## Work request
Print every line exactly as it appears in the material below.

## Exercise data
▼
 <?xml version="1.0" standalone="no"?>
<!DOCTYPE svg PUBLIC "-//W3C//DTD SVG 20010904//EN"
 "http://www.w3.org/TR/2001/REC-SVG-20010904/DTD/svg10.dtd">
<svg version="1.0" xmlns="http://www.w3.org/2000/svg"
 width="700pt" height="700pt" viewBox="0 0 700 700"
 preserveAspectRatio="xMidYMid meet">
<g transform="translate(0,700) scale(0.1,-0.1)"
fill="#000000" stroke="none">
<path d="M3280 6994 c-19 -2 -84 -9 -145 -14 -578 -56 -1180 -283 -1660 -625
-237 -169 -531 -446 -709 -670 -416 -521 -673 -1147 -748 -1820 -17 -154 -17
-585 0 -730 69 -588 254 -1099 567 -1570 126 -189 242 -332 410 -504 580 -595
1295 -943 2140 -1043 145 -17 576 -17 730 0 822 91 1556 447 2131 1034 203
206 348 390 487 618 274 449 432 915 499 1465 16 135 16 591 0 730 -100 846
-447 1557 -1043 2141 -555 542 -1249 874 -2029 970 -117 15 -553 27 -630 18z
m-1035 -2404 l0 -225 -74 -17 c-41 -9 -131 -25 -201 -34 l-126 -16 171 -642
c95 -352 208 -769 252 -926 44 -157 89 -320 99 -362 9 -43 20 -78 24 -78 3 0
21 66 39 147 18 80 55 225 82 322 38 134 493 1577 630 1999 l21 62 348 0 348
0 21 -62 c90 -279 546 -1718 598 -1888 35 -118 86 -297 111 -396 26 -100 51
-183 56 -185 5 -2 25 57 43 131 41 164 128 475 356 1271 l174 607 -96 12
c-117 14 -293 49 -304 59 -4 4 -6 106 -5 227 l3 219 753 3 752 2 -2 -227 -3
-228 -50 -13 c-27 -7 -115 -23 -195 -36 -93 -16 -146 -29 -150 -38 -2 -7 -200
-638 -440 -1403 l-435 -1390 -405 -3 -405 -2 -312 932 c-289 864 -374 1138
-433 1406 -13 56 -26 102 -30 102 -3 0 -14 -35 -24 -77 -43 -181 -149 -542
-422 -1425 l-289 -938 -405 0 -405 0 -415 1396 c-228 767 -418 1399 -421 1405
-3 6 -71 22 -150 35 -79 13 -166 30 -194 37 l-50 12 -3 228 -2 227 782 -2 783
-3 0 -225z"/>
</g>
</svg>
▲
## Written reply
 <?xml version="1.0" standalone="no"?>
<!DOCTYPE svg PUBLIC "-//W3C//DTD SVG 20010904//EN"
 "http://www.w3.org/TR/2001/REC-SVG-20010904/DTD/svg10.dtd">
<svg version="1.0" xmlns="http://www.w3.org/2000/svg"
 width="700pt" height="700pt" viewBox="0 0 700 700"
 preserveAspectRatio="xMidYMid meet">
<g transform="translate(0,700) scale(0.1,-0.1)"
fill="#000000" stroke="none">
<path d="M3280 6994 c-19 -2 -84 -9 -145 -14 -578 -56 -1180 -283 -1660 -625
-237 -169 -531 -446 -709 -670 -416 -521 -673 -1147 -748 -1820 -17 -154 -17
-585 0 -730 69 -588 254 -1099 567 -1570 126 -189 242 -332 410 -504 580 -595
1295 -943 2140 -1043 145 -17 576 -17 730 0 822 91 1556 447 2131 1034 203
206 348 390 487 618 274 449 432 915 499 1465 16 135 16 591 0 730 -100 846
-447 1557 -1043 2141 -555 542 -1249 874 -2029 970 -117 15 -553 27 -630 18z
m-1035 -2404 l0 -225 -74 -17 c-41 -9 -131 -25 -201 -34 l-126 -16 171 -642
c95 -352 208 -769 252 -926 44 -157 89 -320 99 -362 9 -43 20 -78 24 -78 3 0
21 66 39 147 18 80 55 225 82 322 38 134 493 1577 630 1999 l21 62 348 0 348
0 21 -62 c90 -279 546 -1718 598 -1888 35 -118 86 -297 111 -396 26 -100 51
-183 56 -185 5 -2 25 57 43 131 41 164 128 475 356 1271 l174 607 -96 12
c-117 14 -293 49 -304 59 -4 4 -6 106 -5 227 l3 219 753 3 752 2 -2 -227 -3
-228 -50 -13 c-27 -7 -115 -23 -195 -36 -93 -16 -146 -29 -150 -38 -2 -7 -200
-638 -440 -1403 l-435 -1390 -405 -3 -405 -2 -312 932 c-289 864 -374 1138
-433 1406 -13 56 -26 102 -30 102 -3 0 -14 -35 -24 -77 -43 -181 -149 -542
-422 -1425 l-289 -938 -405 0 -405 0 -415 1396 c-228 767 -418 1399 -421 1405
-3 6 -71 22 -150 35 -79 13 -166 30 -194 37 l-50 12 -3 228 -2 227 782 -2 783
-3 0 -225z"/>
</g>
</svg>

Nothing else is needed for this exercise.